Hello! I recently purchased old AFX controllers with 3 wires 
( Control Plus)- one for the brake. I don't want the brakes. So what do I do with that wire when I connect that controller? Thanks!


----------



## stlracer (Jan 16, 2016)

If they are like Parma, you just do not hook it up.


----------



## slotking (May 27, 2008)

if the wires have boots you can clip to the boot of the black wire.
or just tape to the black wire!

if you 100% sure you will never use it, cut off or see if there is a way to remove it


----------



## Rich Dumas (Sep 3, 2008)

With most HO cars you will get lower lap times if you do not use brakes, but there are a few cars that might need at least a little brakes. More sophisticated controllers usually have a potentiometer in the brake circuit so that you can adjust the brakes.
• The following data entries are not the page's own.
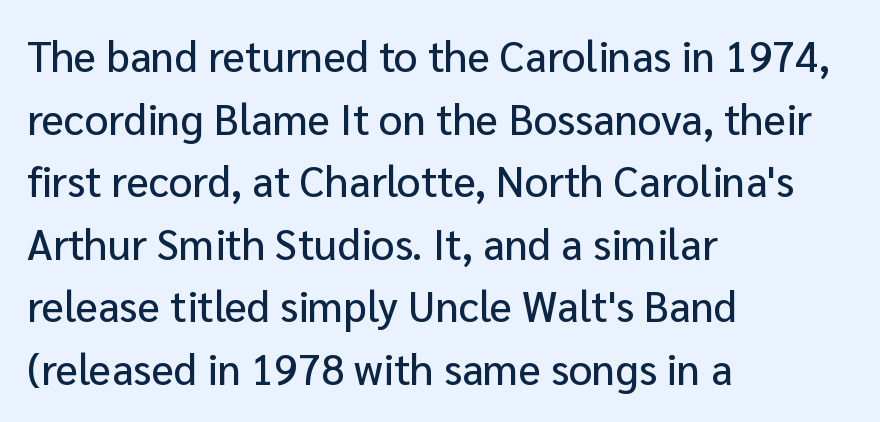
The image shows 42 px sans-serif type, upright; set left-aligned, normal line spacing (1.49x), normal letter spacing, not underlined; low stroke contrast and a medium x-height.
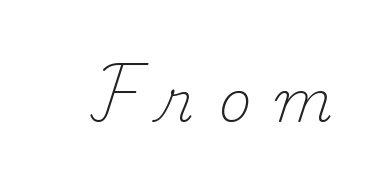
Q: Is the text bold? A: No.
Q: Is the text italic (slanted)? A: Yes.
Q: Is the typeface a serif or a sans-serif typeface? A: Serif.
Q: Is the text underlined? A: No.
Q: Is the spacing between letters normal or unusually wide? A: Unusually wide.
Q: Width (condensed, normal, or wide)? A: Normal.
Q: Stroke contrast? A: Medium.
Q: x-height? A: Small.
Q: Monospaced? A: No.
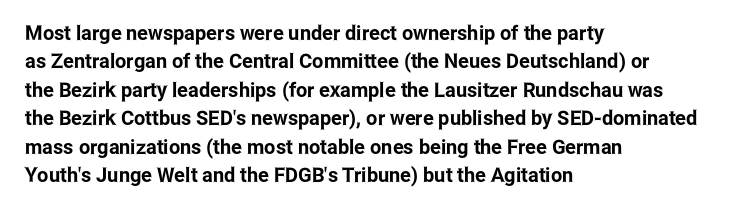
Q: Is the text italic (slanted)? A: No, it is upright.
Q: Is the text underlined? A: No.
Q: How is the paragraph aligned? A: Left-aligned.
Q: Is the spacing between letters normal or unusually wide? A: Normal.
Q: Is the spacing between lines tight, normal or loose? A: Normal.

You did not say what sort of controller hookups you were using, many people use screw post connections, so a brake wire that is not connected could cause a short circuit if the end was not taped.


----------



## jg700 (Aug 22, 2012)

I plan on using banana jacks to connect the controller wires to the track.


----------



## alpink (Aug 22, 2010)

yeah, like the other guys said.
just secure the third wire out of the way with the end insulated.


----------



## Rich Dumas (Sep 3, 2008)

Banana jacks will work, they are commonly used in England, but are rarely seen in the US. For club style HO tracks in the US screw post connectors are almost always used. A visitor might want to use a controller with alligator clips, in that event some spare banana plugs could be used as adapters. In the US 1/32nd clubs have often switched to XLR connectors, they are durable, they can only be connected one way and they lock in place. HO racers have not bought into XLR connectors, but my own HO track has them along with screw post connectors.


----------